### Goal of the exercise
Taking the line that contains "#83=AXIS2_PLACEMENT_3D('Circle Axis2P3D',#81,#82,$) ;" as the first and the final line of the records as the last, write out every line between them exactly, ends included, and nothing else.
___ Entries shown ___
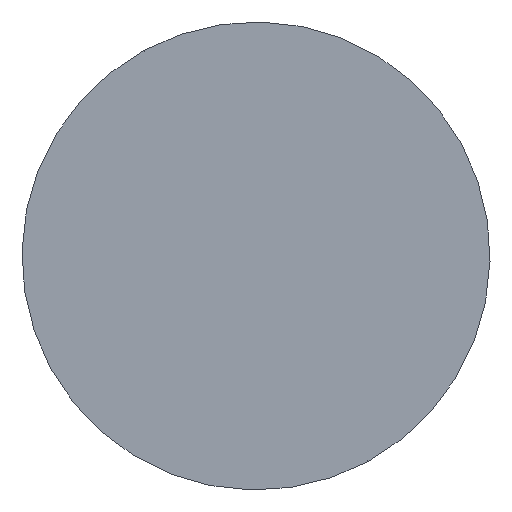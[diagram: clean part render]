
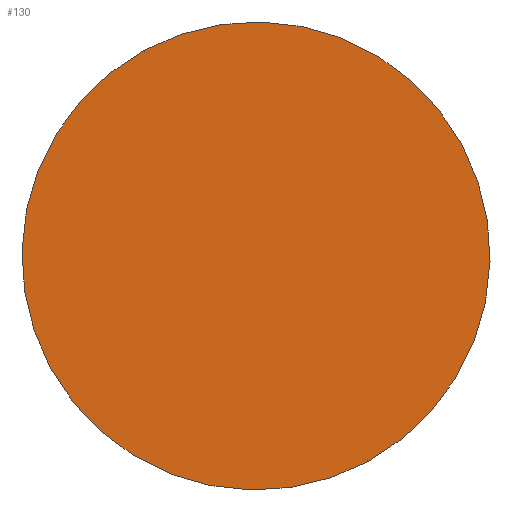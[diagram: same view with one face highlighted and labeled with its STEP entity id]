
A CAD part, top view. The second image highlights one B-rep face of the part: STEP entity #130.
In plain terms, the highlighted planar face has unit normal (0, 0, 1).
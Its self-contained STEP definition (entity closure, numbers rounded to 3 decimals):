
#81=CARTESIAN_POINT('Axis2P3D Location',(0.,0.,5.)) ;
#85=CARTESIAN_POINT('Vertex',(4.794,-8.776,5.)) ;
#87=CARTESIAN_POINT('Vertex',(-4.794,8.776,5.)) ;
#116=CARTESIAN_POINT('Axis2P3D Location',(0.,0.,5.)) ;
#121=CARTESIAN_POINT('Axis2P3D Location',(0.,0.,5.)) ;
#82=DIRECTION('Axis2P3D Direction',(0.,0.,1.)) ;
#117=DIRECTION('Axis2P3D Direction',(0.,0.,1.)) ;
#118=DIRECTION('Axis2P3D XDirection',(1.,0.,0.)) ;
#122=DIRECTION('Axis2P3D Direction',(0.,0.,1.)) ;
#83=AXIS2_PLACEMENT_3D('Circle Axis2P3D',#81,#82,$) ;
#119=AXIS2_PLACEMENT_3D('Plane Axis2P3D',#116,#117,#118) ;
#123=AXIS2_PLACEMENT_3D('Circle Axis2P3D',#121,#122,$) ;
#127=ORIENTED_EDGE('',*,*,#89,.T.) ;
#128=ORIENTED_EDGE('',*,*,#125,.T.) ;
#130=ADVANCED_FACE('Corps principal',(#129),#120,.T.) ;
#84=CIRCLE('generated circle',#83,10.) ;
#124=CIRCLE('generated circle',#123,10.) ;
#89=EDGE_CURVE('',#86,#88,#84,.T.) ;
#125=EDGE_CURVE('',#88,#86,#124,.T.) ;
#126=EDGE_LOOP('',(#127,#128)) ;
#129=FACE_OUTER_BOUND('',#126,.T.) ;
#120=PLANE('',#119) ;
#86=VERTEX_POINT('',#85) ;
#88=VERTEX_POINT('',#87) ;
___
### Task response
#83=AXIS2_PLACEMENT_3D('Circle Axis2P3D',#81,#82,$) ;
#119=AXIS2_PLACEMENT_3D('Plane Axis2P3D',#116,#117,#118) ;
#123=AXIS2_PLACEMENT_3D('Circle Axis2P3D',#121,#122,$) ;
#127=ORIENTED_EDGE('',*,*,#89,.T.) ;
#128=ORIENTED_EDGE('',*,*,#125,.T.) ;
#130=ADVANCED_FACE('Corps principal',(#129),#120,.T.) ;
#84=CIRCLE('generated circle',#83,10.) ;
#124=CIRCLE('generated circle',#123,10.) ;
#89=EDGE_CURVE('',#86,#88,#84,.T.) ;
#125=EDGE_CURVE('',#88,#86,#124,.T.) ;
#126=EDGE_LOOP('',(#127,#128)) ;
#129=FACE_OUTER_BOUND('',#126,.T.) ;
#120=PLANE('',#119) ;
#86=VERTEX_POINT('',#85) ;
#88=VERTEX_POINT('',#87) ;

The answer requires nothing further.